Hey everyone -- I have a tiny (OK not so tiny) dilemma with my tiny one. Lately she's been, well, difficult. To say the least. I love her so much, that goes without saying, but I will say it anyway. I am feeling major mother's guilt, and I need to know how you handle or have handled this in the past with your little strong willed ones.
Let me give an example. Little KG loves to be in control. Normal, right? of a toddler aged girl. She's very strong willed. Well, lately, and I'm talking over the past several weeks, my sweet girl who would love me and kiss me and hug me and say "I love you, Mommeeee", sing with me, smile at me, the whole deal.. nothing. It's all about yelling at me, short blasts of nastiness with a look of defiance in her eyes, her little head bobbing to one side. (And that's just for starters)... It's killing me. I know they all go through phases. She's had them before. I remember phases during teething when she'd not be as happy, and be more whiny, etc. But this? This is all day long of no smiles at me. I truly feel like she doesn't like me. I know this is emotions talking, and I've had a rough few months, both health wise and emotion wise -- but I'm truly afraid that this is the case. She will not, will not hug me. She never wants me. She wants her daddy. She wraps her arms around his neck and squeezes on him. She wants her brother. She "gugs" him all the time. It's just me she doesn't seem to like. I have heard of mothers and daughters who just never get along. Is this a possibility that this could be happening to me and my precious little girl? I fear for the future when she is a tween, then a teen..

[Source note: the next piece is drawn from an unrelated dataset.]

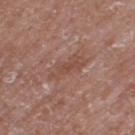Imaged during a routine full-body skin examination; the lesion was not biopsied and no histopathology is available.
A roughly 15 mm field-of-view crop from a total-body skin photograph.
The subject is a male aged 58 to 62.
The lesion's longest dimension is about 5 mm.
From the right thigh.

OK, that's not all .... I'm definitely dealing with major issues myself. Major. I look around my house and all I see right now is chaos. I could spend all day long doing the daily "maintenance" things and I feel as if I never get ahead. One of the biggest reasons is that Little Miss Tiny leaves chaos in her wake. She literally strews her toys all over the first floor of the house. If I put her down in the family room (huge room, baby proofed, lots of toys, and she can see everything I'm doing in the kitchen, and it's gated off)-- she gets mad and I feel all guilt. Total guilt. B thinks it's totally OK to put her down there to play, he says it's completely OK and that she will get used to it. Then I can start to get my house in order (it is not at the moment and it's killing me).. I feel like once I get completely organized and have a system in place I will be a better wife, mom, person, everything. When I'm unloading the dishwasher she is right there like a little tornado, rummaging through the clean (or dirty) dishes, taking them right out. It's not enough to wait to save it all for nap time. Nothing ever gets done this way. I need some help and some advice....
Please give me your thoughts. Help me to alleviate my guilt about putting her in "the cage" as I think of it.. or please, give me some other ideas at least. I'm getting worn out and I don't know what to do anymore.